Cover Image for Meta introduces a new, more efficient Llama model.
Fri Dec 06 2024

Meta introduces a new, more efficient Llama model.

Meta has introduced the latest addition to its family of generative artificial intelligence models, Llama: Llama 3.3 70B. They claim it delivers better performance at a lower cost.

Meta has introduced the latest addition to its family of generative artificial intelligence models, the Llama 3.3 70B. In an announcement on X, Ahmad Al-Dahle, Vice President of Generative AI at Meta, highlighted that this text-only model matches the performance of Meta’s largest model, the Llama 3.1 405B, but at a lower cost. Al-Dahle noted that recent advancements in post-training techniques have significantly improved the overall performance of the model.

A graph was shared showing the Llama 3.3 70B outperforming competitor models such as Google’s Gemini 1.5 Pro, OpenAI’s GPT-4o, and Amazon’s Nova Pro across various industry benchmarks, including MMLU, which measures a model's ability to understand language. A Meta spokesperson communicated that this model should provide enhancements in areas such as mathematics, general knowledge, instruction-following, and application usage.

The Llama 3.3 70B is available for download on the AI development platform Hugging Face and other sites, including the official Llama website. This is part of Meta’s strategy to consolidate its position in the field of artificial intelligence by offering "open" models that can be used and commercialized across various applications. However, the usage terms set by Meta restrict how some developers can utilize the Llama models; platforms with more than 700 million monthly users must apply for a special license. Nevertheless, this restriction has not prevented the Llama models from accumulating over 650 million downloads.
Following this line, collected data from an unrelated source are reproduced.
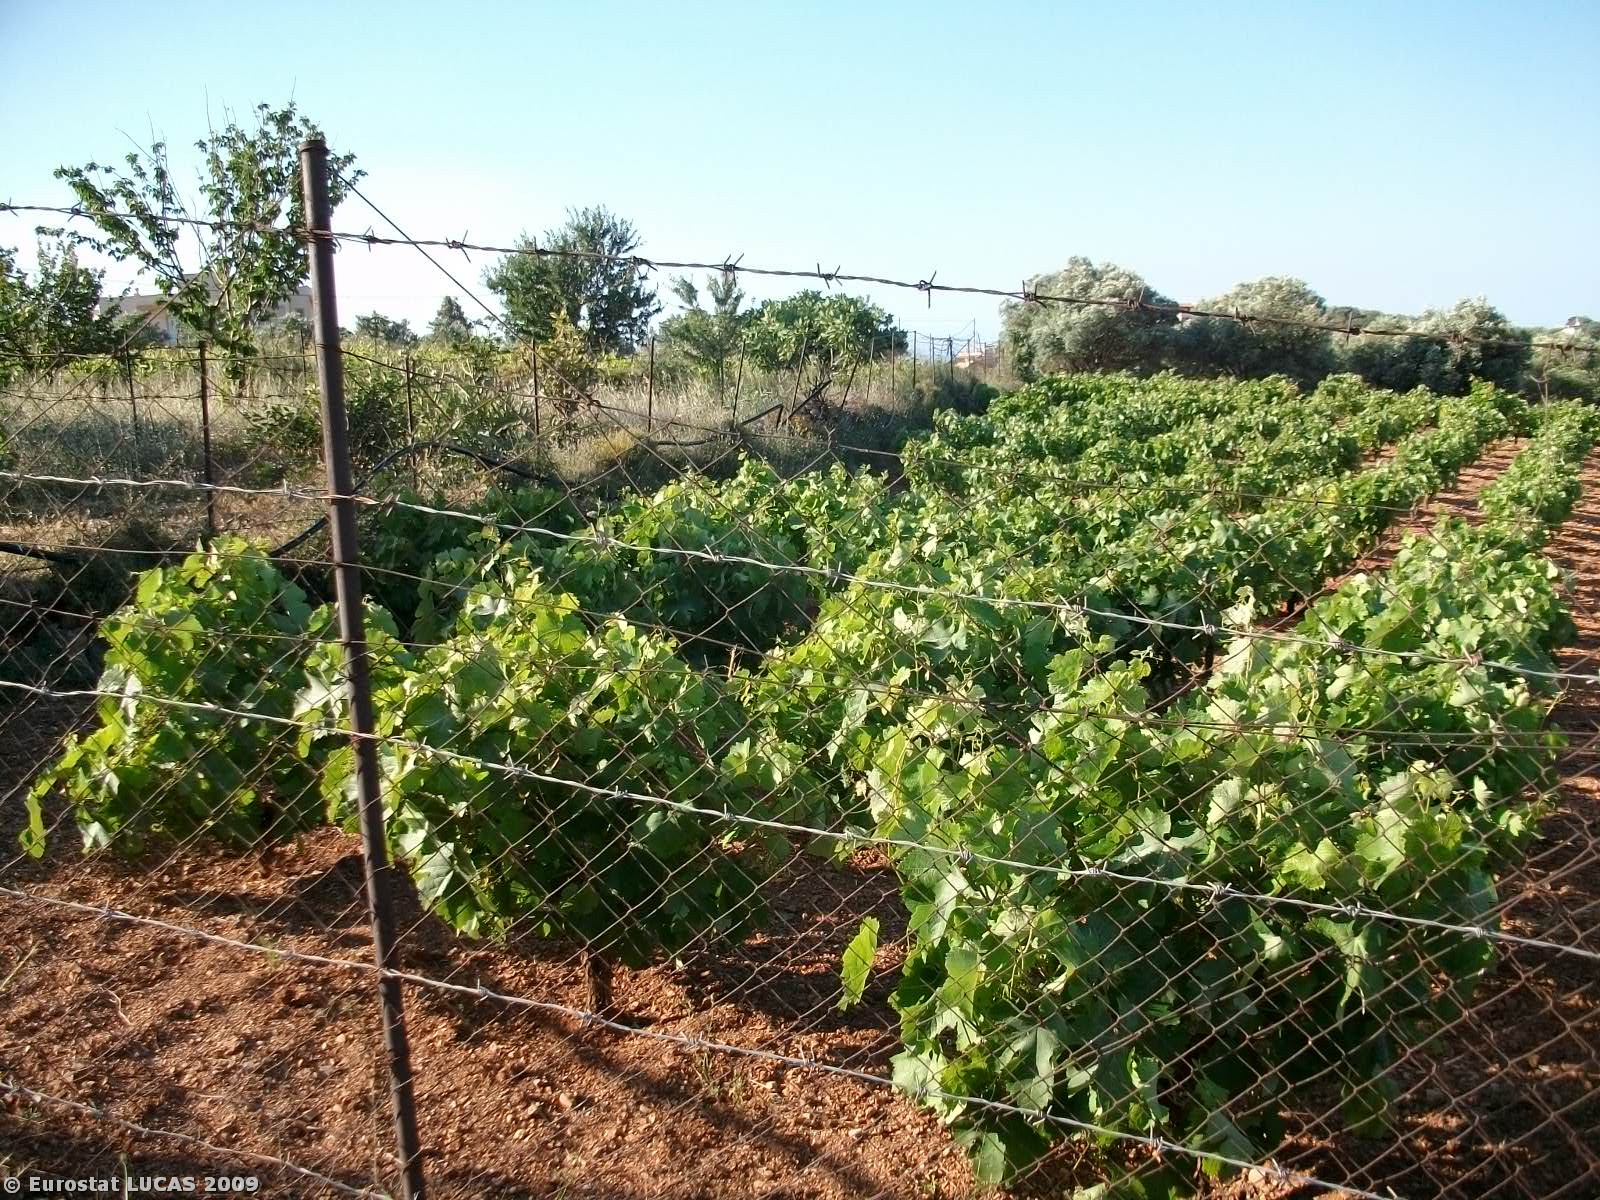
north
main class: Cropland
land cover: Olive groves
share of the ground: > 75 %
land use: Agriculture (excluding fallow land and kitchen gardens)
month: June
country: GR
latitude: 35.3303
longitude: 24.4529

Meta has also been using Llama internally; its AI assistant, Meta AI, is fully powered by Llama models and boasts nearly 600 million monthly active users, according to Meta CEO Mark Zuckerberg. The latter has claimed that Meta AI is on track to become the most widely used AI assistant globally.

For Meta, the open nature of Llama has been both an advantage and a disadvantage. Recently, it was alleged that Chinese military researchers used a Llama model to develop a defensive chatbot, prompting Meta to make its models available to defense contractors in the U.S. Additionally, the company has expressed concerns about its ability to comply with the EU AI Act, which establishes a regulatory framework for AI, describing the implementation of the law as "even unpredictable" for its open launch strategy.

A related issue involves the provisions of the GDPR, the EU privacy law, concerning AI training. Meta trains its AI models using public data from Instagram and Facebook users who have not opted out, data that in Europe is subject to GDPR safeguards. Earlier this year, EU regulators asked Meta to suspend training with data from European users while assessing the company's compliance with GDPR. Meta complied with the request while backing an open letter calling for "a modern interpretation" of GDPR that does not "stifle progress."

Moreover, Meta faces technical challenges similar to those encountered by other AI labs and is expanding its computing infrastructure to train and serve future generations of Llama. Recently, the company announced it would build a $10 billion AI data center in Louisiana, the largest Meta has constructed to date. Zuckerberg mentioned in the August fourth-quarter earnings call that, to train the next major set of Llama models, Llama 4, the company will need ten times more computing capacity than was used to train Llama 3. Meta has secured a cluster of over 100,000 Nvidia GPUs for model development, competing with resources from rivals like xAI. Training generative AI models is a costly operation, and Meta's capital expenditures rose nearly 33%, reaching $8.5 billion in the second quarter of 2024, compared to $6.4 billion the previous year, driven by investments in servers, data centers, and network infrastructure.